What you return must be the data below, word for word, without any images.

::: RECORD SET

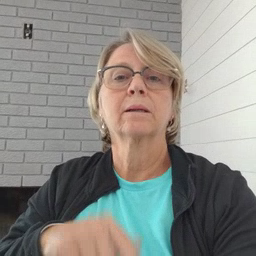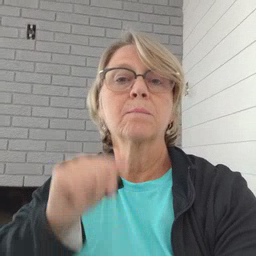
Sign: weus
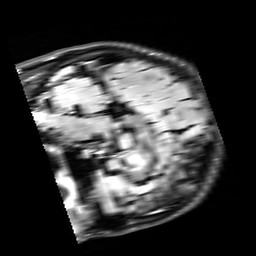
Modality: FLAIR
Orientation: sagittal
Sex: male
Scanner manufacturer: siemens
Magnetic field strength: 3 T
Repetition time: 10 s
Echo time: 0.09 s
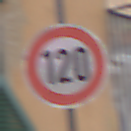
Verkehrszeichen: Geschwindigkeit120
Umgebung: Outdoor, Urban
Tageszeit: Midday
Wetter: Overcast
Licht: Natural
Jahreszeit: NotSpecified
Kontrast: LowContrast
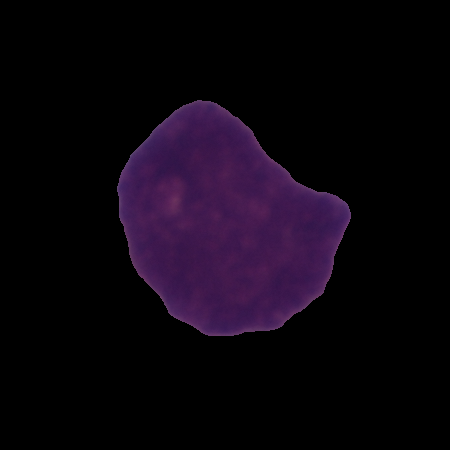
Label: cancer
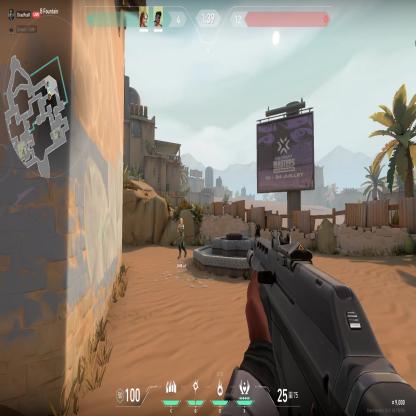
Label: teammate
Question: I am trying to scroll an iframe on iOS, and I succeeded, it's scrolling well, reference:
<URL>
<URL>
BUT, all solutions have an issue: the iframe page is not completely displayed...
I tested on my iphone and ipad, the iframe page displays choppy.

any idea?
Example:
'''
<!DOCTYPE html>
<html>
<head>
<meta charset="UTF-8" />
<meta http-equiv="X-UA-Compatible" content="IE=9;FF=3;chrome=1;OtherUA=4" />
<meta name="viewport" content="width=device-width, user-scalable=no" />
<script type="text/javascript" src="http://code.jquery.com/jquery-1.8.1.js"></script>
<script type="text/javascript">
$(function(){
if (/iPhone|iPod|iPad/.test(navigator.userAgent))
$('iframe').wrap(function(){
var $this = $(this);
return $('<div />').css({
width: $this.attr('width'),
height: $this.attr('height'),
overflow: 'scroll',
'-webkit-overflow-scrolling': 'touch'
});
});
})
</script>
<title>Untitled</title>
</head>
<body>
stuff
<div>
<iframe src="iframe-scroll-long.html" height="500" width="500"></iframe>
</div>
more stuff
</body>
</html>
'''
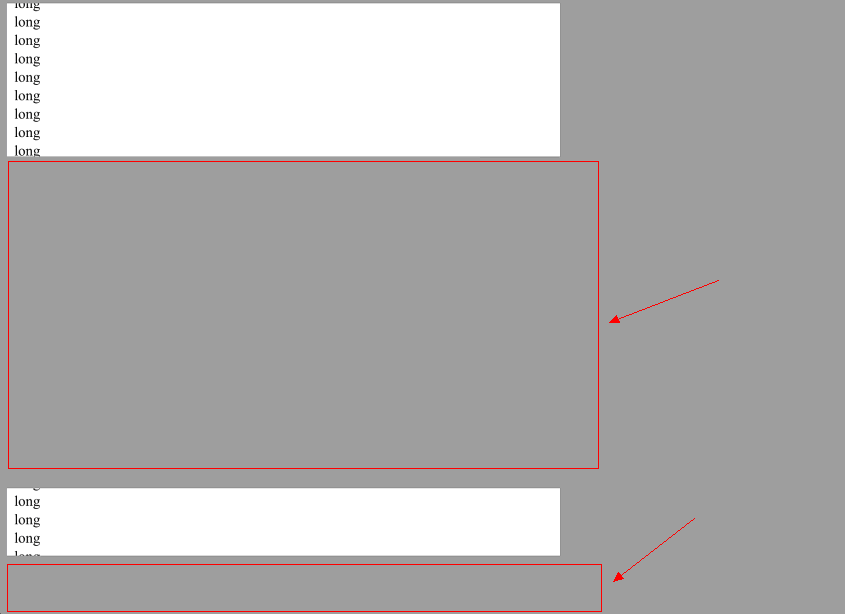
Answer: I found a combination of div with "absolute" style and nicescroll do fix choppines.
You have to load nicescroll on the page loaded by iframe.
In the same page wrap all you content with a div (with style absolute)
'''
#content { position:absolute; }
'''
Load nicescroll using wrapped div content.
'''
$(document).ready(function() {
$("html").niceScroll("#content");
});
'''
Link to demo page, so you can check the code: <URL>
Automatically, with iOS native scroll has used, in other platform you got nicescroll active.
I have test on iPad with iOS 5.1.
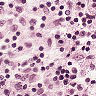
Metastatic tissue present: no
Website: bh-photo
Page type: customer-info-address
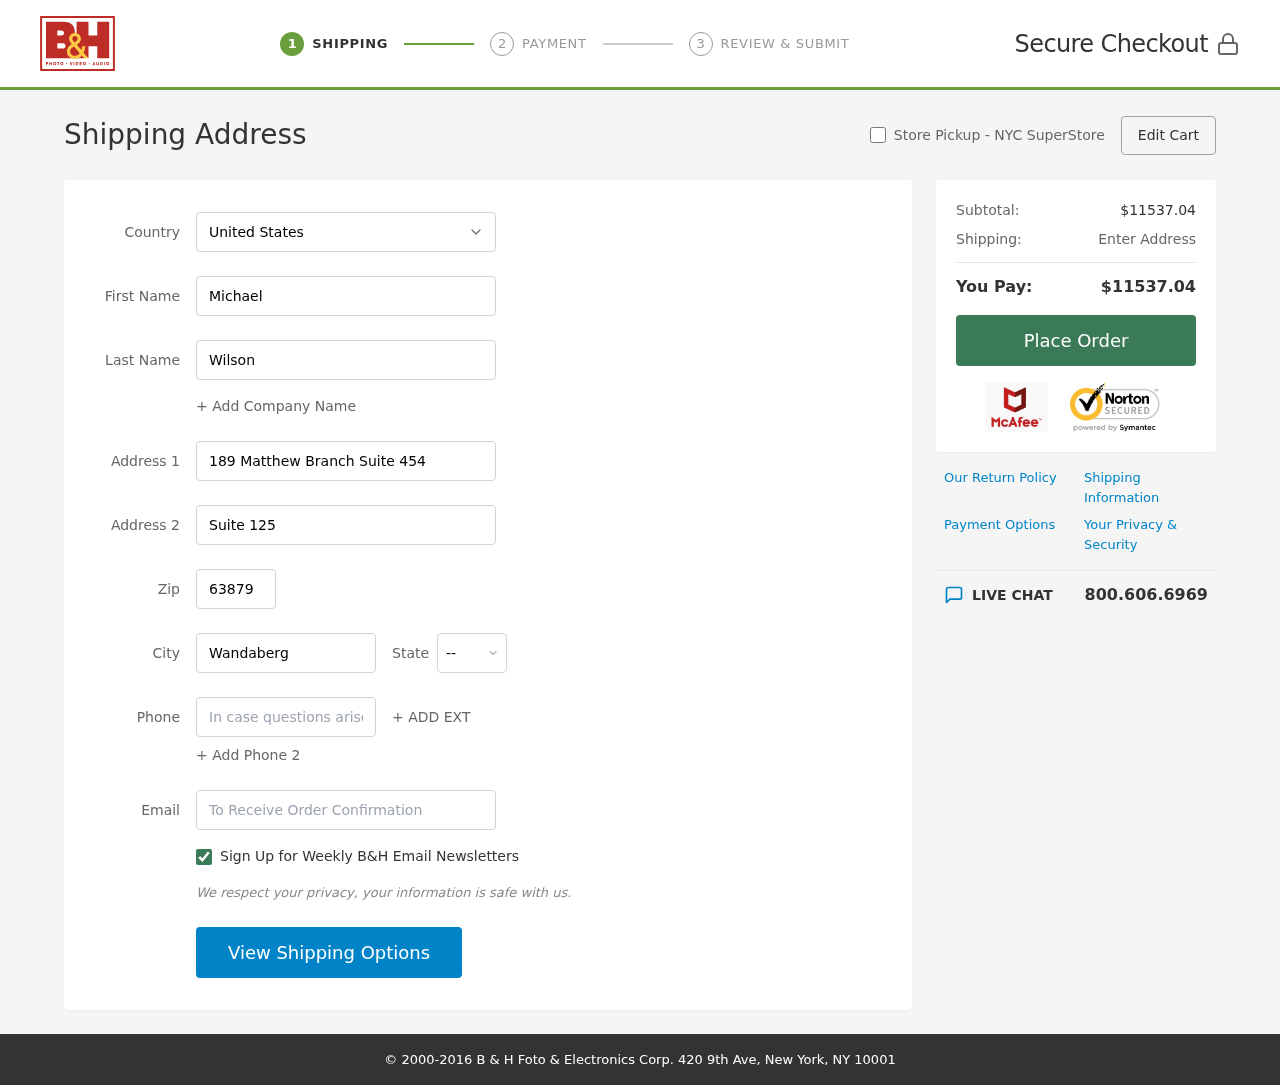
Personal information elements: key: PII_CITY
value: Wandaberg
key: PII_COUNTRY
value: United States
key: PII_EMAIL
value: michael_wilson@yahoo.com
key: PII_FIRSTNAME
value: Michael
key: PII_LASTNAME
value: Wilson
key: PII_PHONE
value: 9568363327
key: PII_POSTCODE
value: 63879
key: PII_STATE_ABBR
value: WY
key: PII_STREET
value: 189 Matthew Branch Suite 454
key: PII_STREET2
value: Suite 125
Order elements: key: ORDER_SUBTOTAL
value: $11537.04
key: ORDER_TOTAL
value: $11537.04
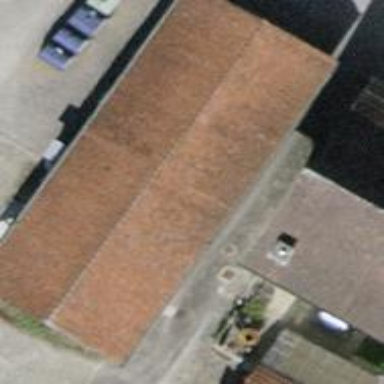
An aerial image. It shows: Shed building.
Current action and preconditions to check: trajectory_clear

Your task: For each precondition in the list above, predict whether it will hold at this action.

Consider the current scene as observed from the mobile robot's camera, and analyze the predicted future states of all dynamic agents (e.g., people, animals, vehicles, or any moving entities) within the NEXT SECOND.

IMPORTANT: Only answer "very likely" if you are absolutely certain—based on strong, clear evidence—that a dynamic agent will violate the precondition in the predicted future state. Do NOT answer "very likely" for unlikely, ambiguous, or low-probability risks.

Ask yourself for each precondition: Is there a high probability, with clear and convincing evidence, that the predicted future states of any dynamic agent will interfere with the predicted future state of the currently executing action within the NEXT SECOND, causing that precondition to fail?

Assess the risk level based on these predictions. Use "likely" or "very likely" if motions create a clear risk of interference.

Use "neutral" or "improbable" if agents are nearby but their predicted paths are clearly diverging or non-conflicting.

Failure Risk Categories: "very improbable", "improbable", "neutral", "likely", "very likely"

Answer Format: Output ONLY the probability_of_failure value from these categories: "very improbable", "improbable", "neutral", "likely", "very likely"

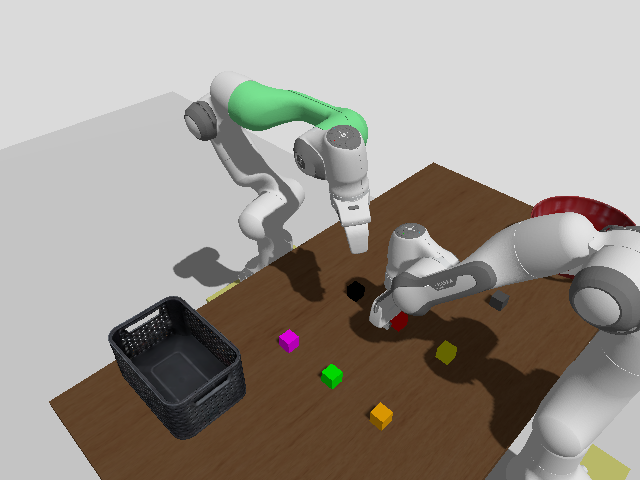

Answer: improbable
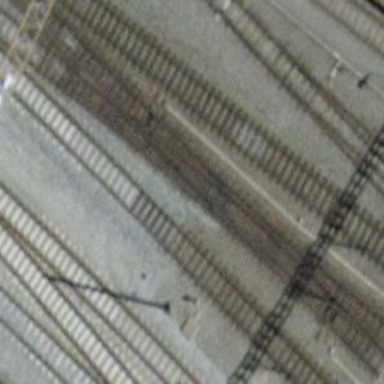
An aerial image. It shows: Railway switch.
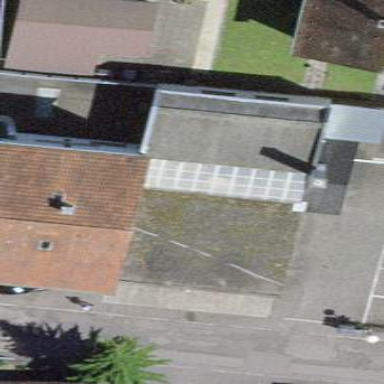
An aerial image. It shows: Building that houses car repair shop.
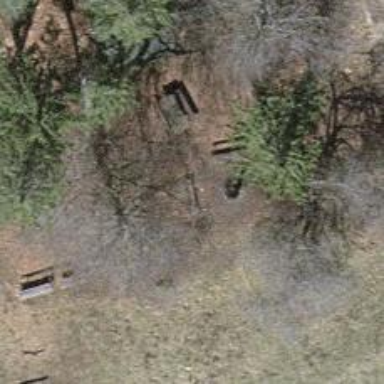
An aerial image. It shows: Bench for seating.
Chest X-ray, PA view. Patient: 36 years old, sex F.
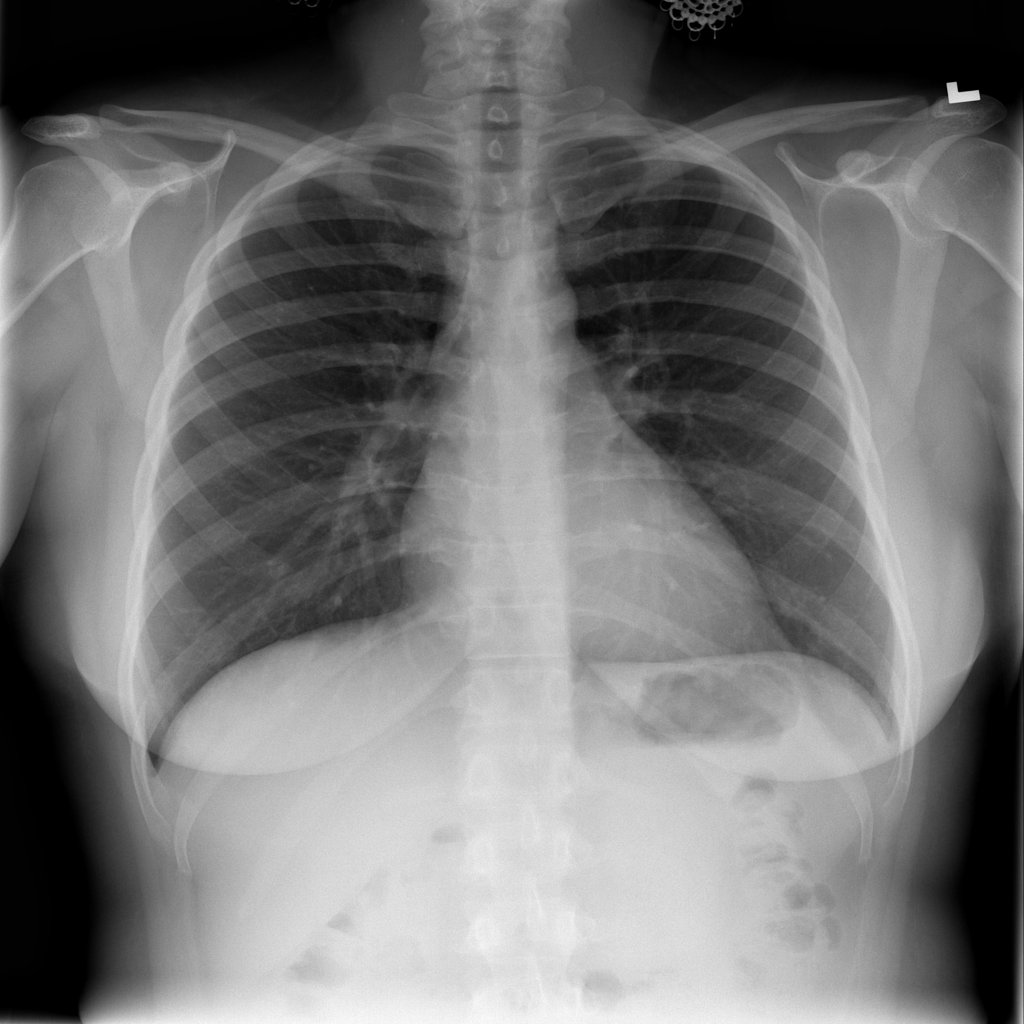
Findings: No Finding
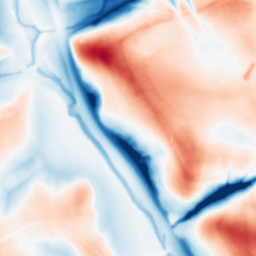
Category: multiscale
Decomposition family: dog
Decomposition parameters: sigma_low: 1
sigma_high: 20
Upsampling method: bicubic_16x
Upsampling parameters: scale: 16
Upsampling scale: 16
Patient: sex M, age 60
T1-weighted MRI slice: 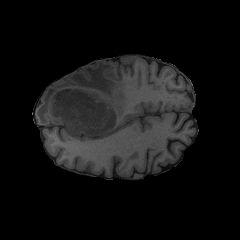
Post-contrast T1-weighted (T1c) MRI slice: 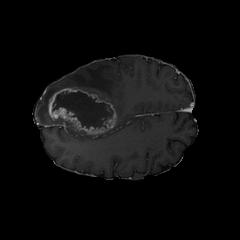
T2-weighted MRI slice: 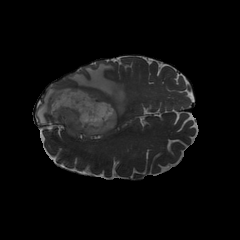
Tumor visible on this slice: yes
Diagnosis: Glioblastoma, IDH-wildtype
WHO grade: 4
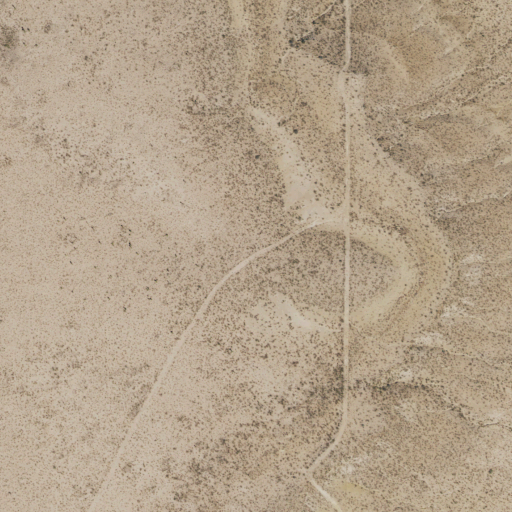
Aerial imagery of mountain in Texas named Norton Mesa containing shrub and grassland
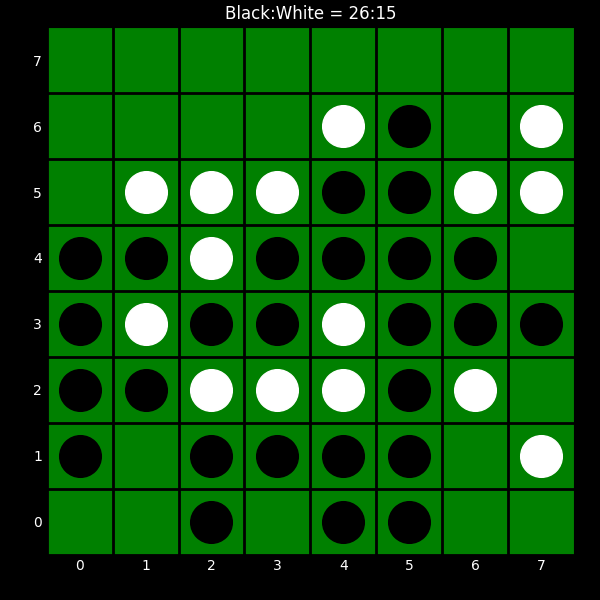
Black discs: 26
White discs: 15
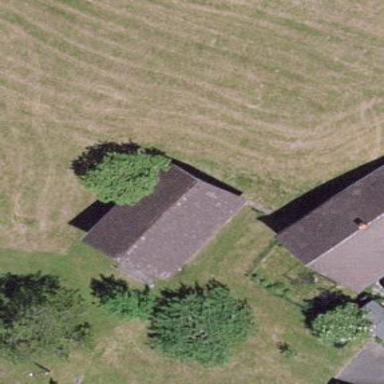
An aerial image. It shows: Stable building.
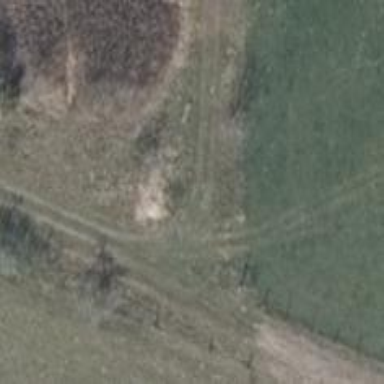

::::::

** COMPLETED EXERCISE **
Sign: weus
Modality: FLAIR
Orientation: sagittal
Sex: male
Scanner manufacturer: siemens
Magnetic field strength: 3 T
Repetition time: 10 s
Echo time: 0.09 s
Verkehrszeichen: Geschwindigkeit120
Umgebung: Outdoor, Urban
Tageszeit: Midday
Wetter: Overcast
Licht: Natural
Jahreszeit: NotSpecified
Kontrast: LowContrast
Label: cancer
Label: teammate
Question: I am trying to scroll an iframe on iOS, and I succeeded, it's scrolling well, reference:
<URL>
<URL>
BUT, all solutions have an issue: the iframe page is not completely displayed...
I tested on my iphone and ipad, the iframe page displays choppy.

any idea?
Example:
'''
<!DOCTYPE html>
<html>
<head>
<meta charset="UTF-8" />
<meta http-equiv="X-UA-Compatible" content="IE=9;FF=3;chrome=1;OtherUA=4" />
<meta name="viewport" content="width=device-width, user-scalable=no" />
<script type="text/javascript" src="http://code.jquery.com/jquery-1.8.1.js"></script>
<script type="text/javascript">
$(function(){
if (/iPhone|iPod|iPad/.test(navigator.userAgent))
$('iframe').wrap(function(){
var $this = $(this);
return $('<div />').css({
width: $this.attr('width'),
height: $this.attr('height'),
overflow: 'scroll',
'-webkit-overflow-scrolling': 'touch'
});
});
})
</script>
<title>Untitled</title>
</head>
<body>
stuff
<div>
<iframe src="iframe-scroll-long.html" height="500" width="500"></iframe>
</div>
more stuff
</body>
</html>
'''
Answer: I found a combination of div with "absolute" style and nicescroll do fix choppines.
You have to load nicescroll on the page loaded by iframe.
In the same page wrap all you content with a div (with style absolute)
'''
#content { position:absolute; }
'''
Load nicescroll using wrapped div content.
'''
$(document).ready(function() {
$("html").niceScroll("#content");
});
'''
Link to demo page, so you can check the code: <URL>
Automatically, with iOS native scroll has used, in other platform you got nicescroll active.
I have test on iPad with iOS 5.1.
Metastatic tissue present: no
Website: bh-photo
Page type: customer-info-address
Personal information elements: key: PII_CITY
value: Wandaberg
key: PII_COUNTRY
value: United States
key: PII_EMAIL
value: michael_wilson@yahoo.com
key: PII_FIRSTNAME
value: Michael
key: PII_LASTNAME
value: Wilson
key: PII_PHONE
value: 9568363327
key: PII_POSTCODE
value: 63879
key: PII_STATE_ABBR
value: WY
key: PII_STREET
value: 189 Matthew Branch Suite 454
key: PII_STREET2
value: Suite 125
Order elements: key: ORDER_SUBTOTAL
value: $11537.04
key: ORDER_TOTAL
value: $11537.04
An aerial image. It shows: Shed building.
Current action and preconditions to check: trajectory_clear

Your task: For each precondition in the list above, predict whether it will hold at this action.

Consider the current scene as observed from the mobile robot's camera, and analyze the predicted future states of all dynamic agents (e.g., people, animals, vehicles, or any moving entities) within the NEXT SECOND.

IMPORTANT: Only answer "very likely" if you are absolutely certain—based on strong, clear evidence—that a dynamic agent will violate the precondition in the predicted future state. Do NOT answer "very likely" for unlikely, ambiguous, or low-probability risks.

Ask yourself for each precondition: Is there a high probability, with clear and convincing evidence, that the predicted future states of any dynamic agent will interfere with the predicted future state of the currently executing action within the NEXT SECOND, causing that precondition to fail?

Assess the risk level based on these predictions. Use "likely" or "very likely" if motions create a clear risk of interference.

Use "neutral" or "improbable" if agents are nearby but their predicted paths are clearly diverging or non-conflicting.

Failure Risk Categories: "very improbable", "improbable", "neutral", "likely", "very likely"

Answer Format: Output ONLY the probability_of_failure value from these categories: "very improbable", "improbable", "neutral", "likely", "very likely"


Answer: improbable
An aerial image. It shows: Railway switch.
An aerial image. It shows: Building that houses car repair shop.
An aerial image. It shows: Bench for seating.
Chest X-ray, PA view. Patient: 36 years old, sex F.
Findings: No Finding
Category: multiscale
Decomposition family: dog
Decomposition parameters: sigma_low: 1
sigma_high: 20
Upsampling method: bicubic_16x
Upsampling parameters: scale: 16
Upsampling scale: 16
Patient: sex M, age 60
T1-weighted MRI slice: 
Post-contrast T1-weighted (T1c) MRI slice: 
T2-weighted MRI slice: 
Tumor visible on this slice: yes
Diagnosis: Glioblastoma, IDH-wildtype
WHO grade: 4
Aerial imagery of mountain in Texas named Norton Mesa containing shrub and grassland
Black discs: 26
White discs: 15
An aerial image. It shows: Stable building.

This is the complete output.